Often it was my husband Eric who took the crying hour shifts.  I could not bare it. I would start strong, swishing and whispering loving words into his ear.  Humming and snuggling…but after an hour I would be begging my baby to stop, I would find myself sobbing and apologising to him for not knowing what to do or how to help.  I felt there was something he needed that I could not give him and it tormented me. My husband would step in and take over.  Humming a low consistent hum until Trystan fell asleep from exhaustion. For that team work, I am eternally grateful.

My son did indeed need something I couldn’t provide.  More melatonin! LOL

Trystan had-has insomnia.  More accurately ‘’delayed sleep onset insomnia’’.  We didn’t understand it as insomnia until he was about 7, because he was our first child, and honestly I didn’t know babies could have any kind of insomnia.  It’s not something you really hear about.  When you talk about it people often think it’s an exaggeration or a short term things.  They start talking about warm milk and hot baths. THIS – this is something bigger than that.

Mercifully, as Trystan got older the screaming fits stopped.  He would just lay awake for hours and hours. Sometimes he would cry softly ‘’Mommy, I’m so tired but I can not fall asleep’’. People tell you not to lay with your children.  They say they need to learn to self soothe. I get that. But when your 2 or 4 or 5 year old asks you to keep them company, because they are lonely and tired and their eyes will not shut.  You do it. At least I did. Because I didn’t believe this was a ‘’self soothing’’ problem.
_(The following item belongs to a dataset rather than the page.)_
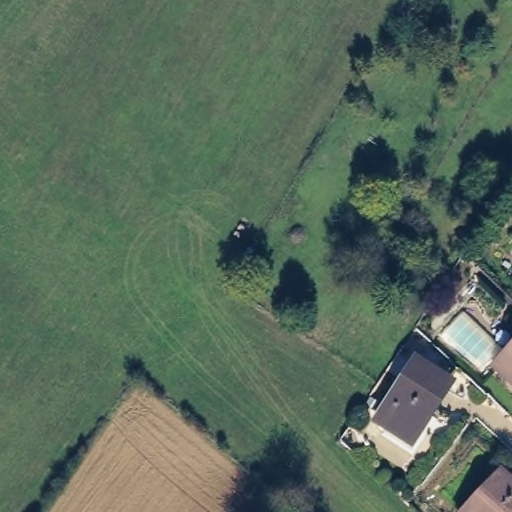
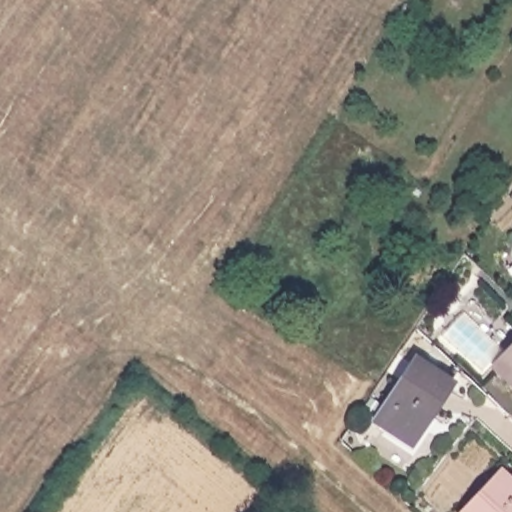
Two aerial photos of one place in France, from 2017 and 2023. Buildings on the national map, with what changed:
unchanged [(488,368),(512,342),(512,390),(488,368)]
unchanged [(414,354),(449,377),(409,435),(376,411),(414,354)]
unchanged [(502,468),(512,478),(512,512),(459,512),(502,468)]

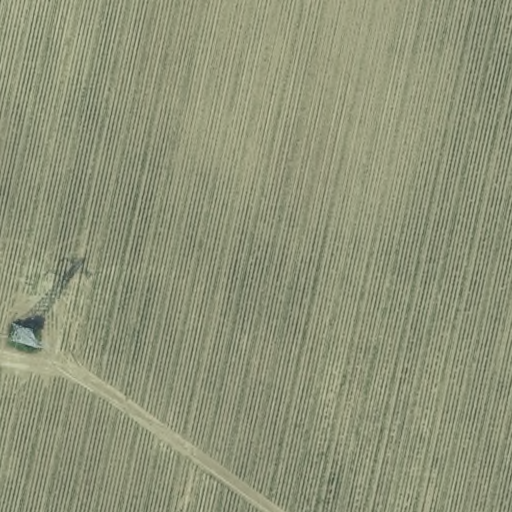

It would be impossible for me to count and detail the thousands of hours and hundreds of things we tried over the years to help Trystan.  We tried everything – and then tried again and again. Diet changes, herbal supplements, teas and tinctures.  There were some things that seemed to help a little. He occasionally fell asleep a little sooner.  Then he started having fully sleepless nights. Or waking at 3 am and not getting back to sleep. He began developing restless leg syndrome which made everything more difficult and uncomfortable.   He needed help. WE needed help.

Like most parents we wanted to avoid pharmaceuticals, but in the end the need for sleep (for ALL of us) became too powerful and we had to try. We started with melatonin, which is a hormone supplement.  The same hormone we all produce naturally to promote sleep. It helped, but for various reasons it became less effective and eventually we found ourselves at the maximum dose but T man was still taking several hours to fall asleep. We were not comfortable with this because he is young and the long term effects of melatonin are not well known. We also felt that he needed to be able to do evening activities but were handcuffed to an early bedtime in order to get him to sleep at a decent time.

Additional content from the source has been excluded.